Au Théâtre du Pavé, Corinne Mariotto reprend « la Cuisine de Marguerite », spectacle rassemblant des textes de Duras.
Corinne Mariotto a créé la Compagnie de la Dame en 2014, pour jouer avec Denis Rey « le Bureau de poste de la rue Dupin et autres entretiens », extraits des conversations foisonnantes entre Marguerite Duras et François Mitterrand. La Compagnie de la Dame porta ensuite la création de « la Cuisine de Marguerite », spectacle intimiste associant les carnets de recettes de cuisine de Duras et « la Maison », un texte tiré du recueil « la Vie matérielle ». Fruit d’un minutieux travail d’adaptation et de montage des écrits de Duras réalisé avec la complicité de la comédienne Muriel Bénazéraf, « la Cuisine de Marguerite » restitue les préoccupations et les réflexions de l’écrivaine à propos de sa vie, avec son fils, dans la maison acquise en 1958 à Neauphle-le-Château, près de Versailles, grâce à la vente des droits de l’adaptation cinématographique du « Barrage contre le Pacifique ». Cette grande demeure est dotée de quatorze pièces réparties dans trois bâtisses, dont deux anciennes fermes construites au XVIIIe siècle. À l’époque, Marguerite Duras collaborait par ailleurs au magazine Elle, sous le pseudonyme de Marie-Joséphine Legrand.
Dans « la Maison », Marguerite Duras écrit: «La maison, c’est la maison de famille, c’est pour y mettre les enfants et les hommes, pour les retenir dans un endroit fait pour eux, pour y contenir leur égarement, les distraire de cette humeur d’aventure, de fuite qui est la leur depuis les commencements des âges. Quand on aborde ce sujet le plus difficile c’est d’atteindre le matériau lisse, sans aspérité, qui est la pensée de la femme autour de cette entreprise démente que représente une maison. Celle de la recherche du point de ralliement commun aux enfants et aux hommes. (…) À Neauphle, souvent, je faisais de la cuisine au début de l’après-midi. Ça se produisait quand les gens n’étaient pas là, qu’ils étaient au travail, ou en promenade aux étangs de Hollande, ou qu’ils dormaient dans les chambres. Alors j’avais à moi tout le rez-de-chaussée de la maison et le parc. C’était à ces moments-là de ma vie que je voyais clairement que je les aimais et que voulais leur bien.

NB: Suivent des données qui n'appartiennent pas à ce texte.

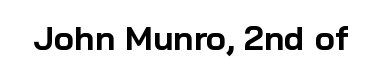
{"serif": "no", "italic": "no", "bold": "yes", "weight": "bold", "width": "normal", "stroke_contrast": "low", "x_height": "medium", "monospaced": "no", "underline": "no", "letter_spacing": "normal", "letter_spacing_em": 0.0, "glyph_px": 34}
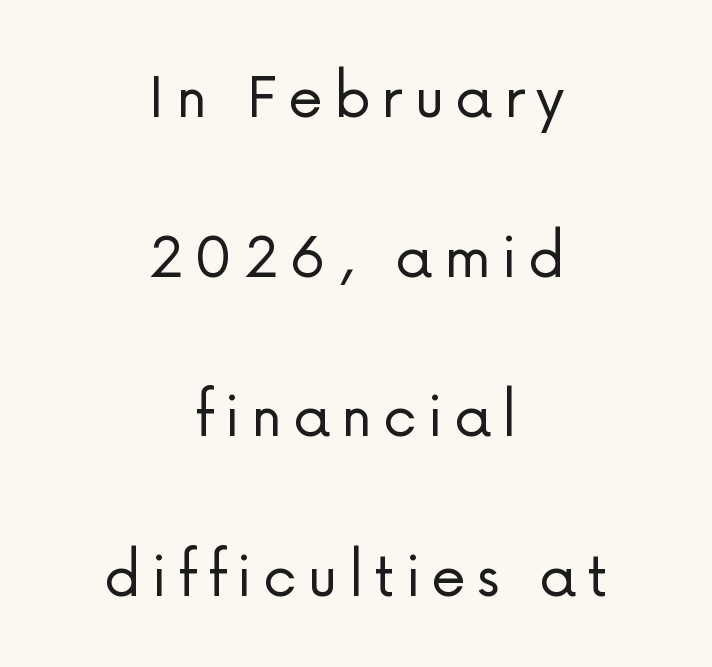
{"serif": "no", "italic": "no", "bold": "no", "weight": "light", "width": "normal", "stroke_contrast": "low", "x_height": "medium", "monospaced": "no", "underline": "no", "align": "center", "line_spacing": "loose", "line_spacing_ratio": 2.28, "glyph_px": 70}
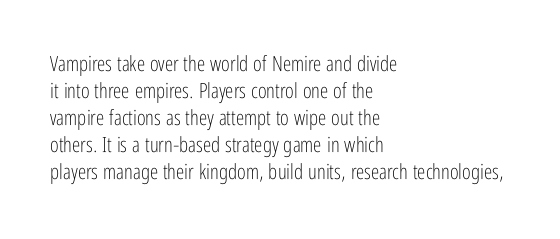
Q: Is the text bold? A: No.
Q: Is the text italic (slanted)? A: No, it is upright.
Q: Is the text underlined? A: No.
Q: How is the paragraph aligned? A: Left-aligned.
Q: Is the spacing between letters normal or unusually wide? A: Normal.
Q: Is the spacing between lines tight, normal or loose? A: Normal.
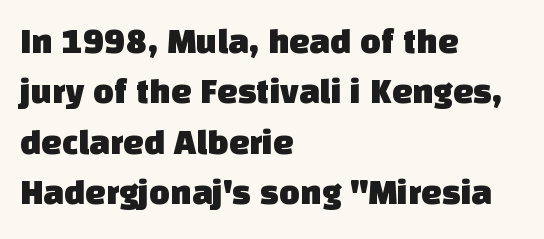
Short note: letters normally spaced. Is this a sans? Yes — the strokes have no serifs. Teacher's note: observe the even left margin — that is flush-left alignment. Rows of type keep a routine distance in the vertical direction.
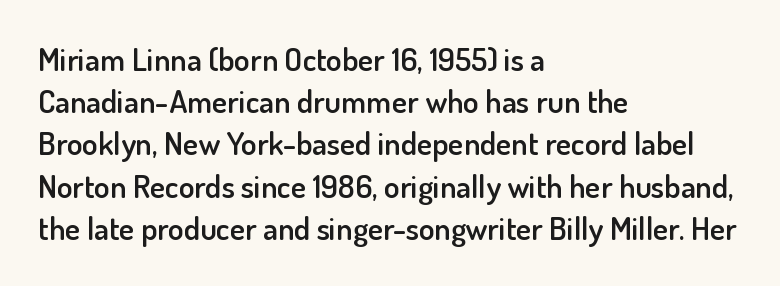
The lines sit at an ordinary, default distance from one another. Line beginnings align vertically; line endings do not. Honestly, the letter spacing is just normal — you wouldn't notice it. Looks like regular typesetting: each glyph gets only the width it needs. Letters rest on an invisible, unmarked baseline.
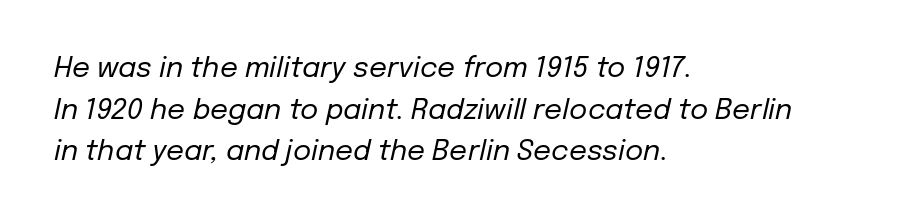
The image shows 28 px regular-weight type, italic (leaning right); set left-aligned, normal line spacing (1.49x), normal letter spacing, not underlined; low stroke contrast and a medium x-height.
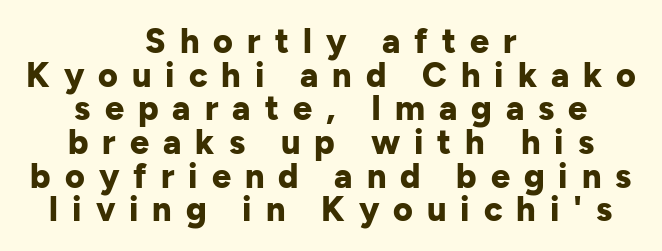
The image shows 34 px bold sans-serif type, upright; set centered, tight line spacing (0.99x), unusually wide letter spacing (+0.41 em), not underlined; low stroke contrast and a medium x-height.
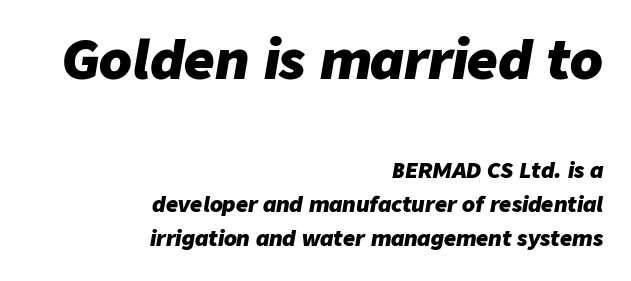
{"italic": "yes", "lean": "right", "slant_degrees": 9, "bold": "yes", "weight": "heavy", "width": "normal", "stroke_contrast": "low", "x_height": "medium", "monospaced": "no", "underline": "no", "align": "right", "line_spacing": "normal", "line_spacing_ratio": 1.63, "letter_spacing": "normal", "letter_spacing_em": 0.0, "larger_block": "first", "size_ratio": 2.52, "glyph_px": 53}
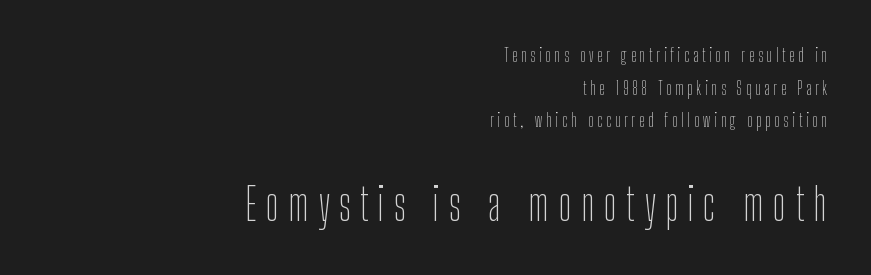
The face looks like a standard text weight, possibly lighter. These lines are rendered in a variable-pitch font. The words here are not underlined. Look at the tracking — it's clearly loosened, letters drifting apart. Are there feet on the stems? There aren't — it's a sans.
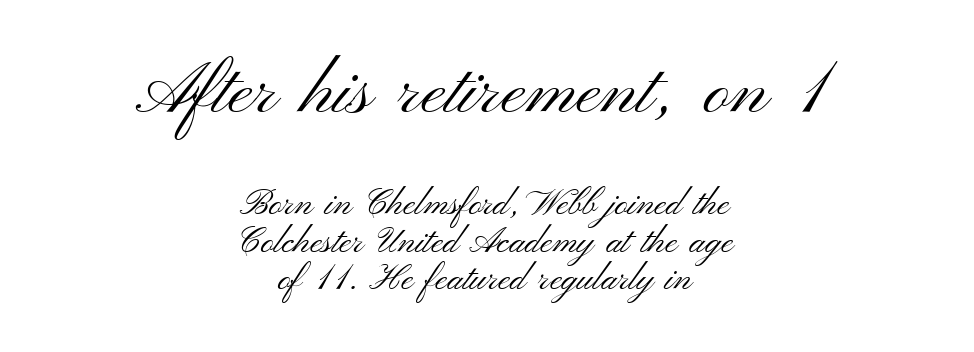
{"serif": "no", "bold": "no", "weight": "light", "width": "wide", "stroke_contrast": "medium", "x_height": "small", "monospaced": "no", "underline": "no", "align": "center", "line_spacing": "tight", "line_spacing_ratio": 1.04, "letter_spacing": "normal", "letter_spacing_em": 0.0, "larger_block": "first", "size_ratio": 2.03, "glyph_px": 73}
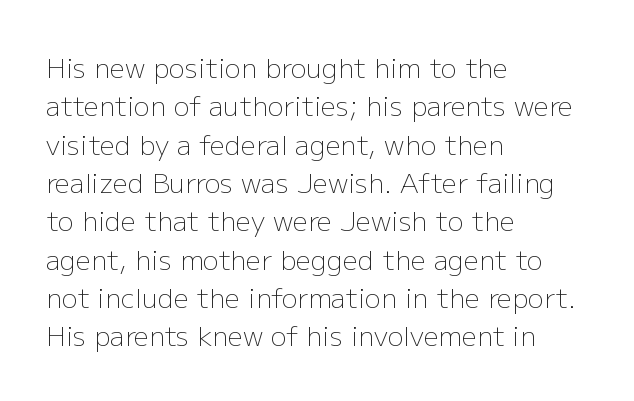
Every row of glyphs begins at an identical x-position on the left. A roman cut, with each character standing at attention. Does the leading feel generous? No, just average. The tracking reads as untouched default to a designer's eye.
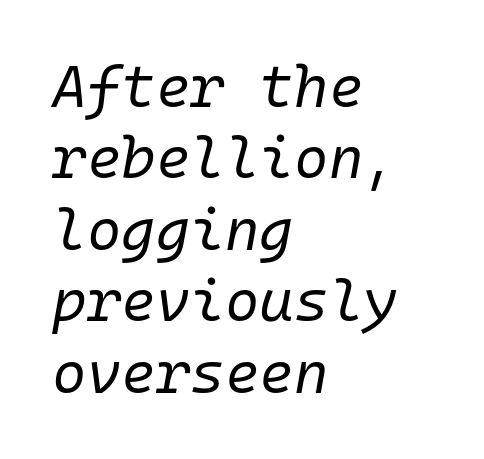
The image shows 59 px regular-weight type, italic (leaning right), monospaced; set left-aligned, line spacing 1.21x, normal letter spacing, not underlined; low stroke contrast and a medium x-height.
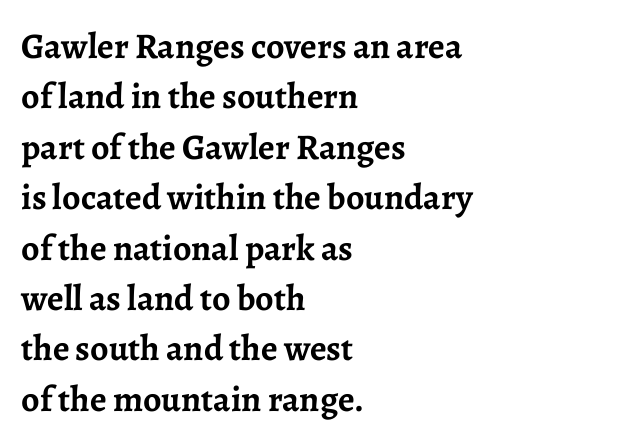
{"serif": "yes", "italic": "no", "bold": "yes", "weight": "semibold", "width": "normal", "stroke_contrast": "low", "x_height": "medium", "monospaced": "no", "underline": "no", "align": "left", "line_spacing": "normal", "line_spacing_ratio": 1.4, "letter_spacing": "normal", "letter_spacing_em": 0.0, "glyph_px": 36}
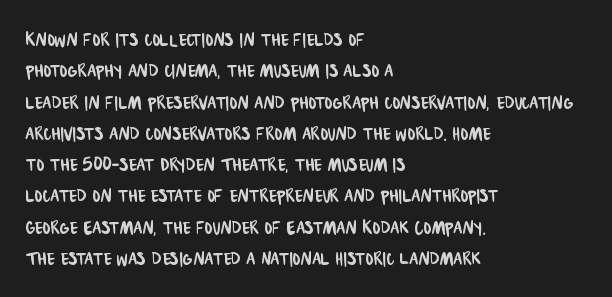
Students, note that the glyphs here touch the page at normal intervals. Rule under the text: the space is simply empty. Summary of vertical rhythm: regular, with standard interline spacing. Horizontally, the lines are justified to the leading edge only.
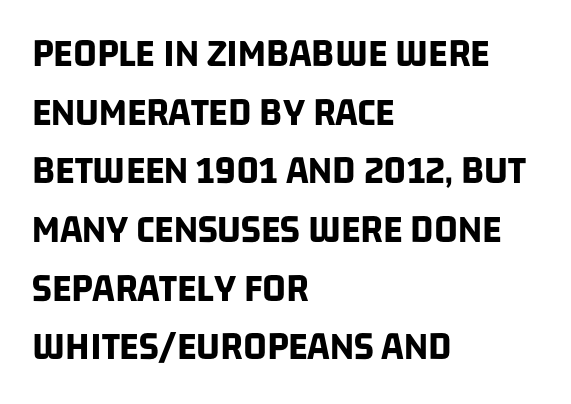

La sorte de silence qui suivait leur départ je l’ai en mémoire. Rentrer dans ce silence c’était comme rentrer dans la mer. C’était à la fois un bonheur et un état très précis d’abandon à une pensée en devenir, c’était une façon de penser ou de non penser peut être – ce n’est pas loin – et déjà, d’écrire. Lentement, avec soin, pour que ça dure encore, je faisais la cuisine pour ces gens absents pendant ces après-midi-là. Je faisais une soupe pour qu’ils la trouvent prête au cas où ils auraient très faim. S’il n’y avait pas de soupe il n’y avait rien du tout. S’il n’y avait pas une chose prête, c’est qu’il n’y avait rien, c’est qu’il n’y avait personne. Souvent les provisions étaient là, achetées du matin, alors il n’y avait plus qu’à éplucher les légumes, mettre la soupe à cuire et écrire. Rien d’autre».
Corinne Mariotto s’affaire seule dans une cuisine installée sur scène. Elle manie ces récits de la vie quotidienne avec le farouche désir de faire entendre cette langue toujours si actuelle: «Je dis ces textes aux gens en les regardant, ils sont avec moi, dans ma cuisine. Et tout en parlant aux gens, je prépare la soupe aux poireaux qu’ils mangeront à la fin de la représentation. Le résultat, c’est, peut-être pour la première fois, un spectacle qui me ressemble vraiment, qui correspond complètement à ce que j’imaginais, qui s’est fait avec la même évidence qu’il est né dans mon esprit. Et cette évidence se ressent dans le public chaque soir. Il y a une espèce de complicité, de communion avec chaque personne du public, une intimité très forte, palpable dans le partage de ces textes de l’intime, qui parlent d’amour, des hommes, de cuisine, de la mère, de la maison, de la mort, de l’enfance…», raconte la comédienne qui reprend ces jours-ci « la Cuisine de Marguerite » au Théâtre du Pavé.
« La Cuisine de Marguerite », du jeudi 10 au dimanche 13 février, au Théâtre du Pavé, 34, rue Maran, Toulouse. Tél. 05 62 26 43 66.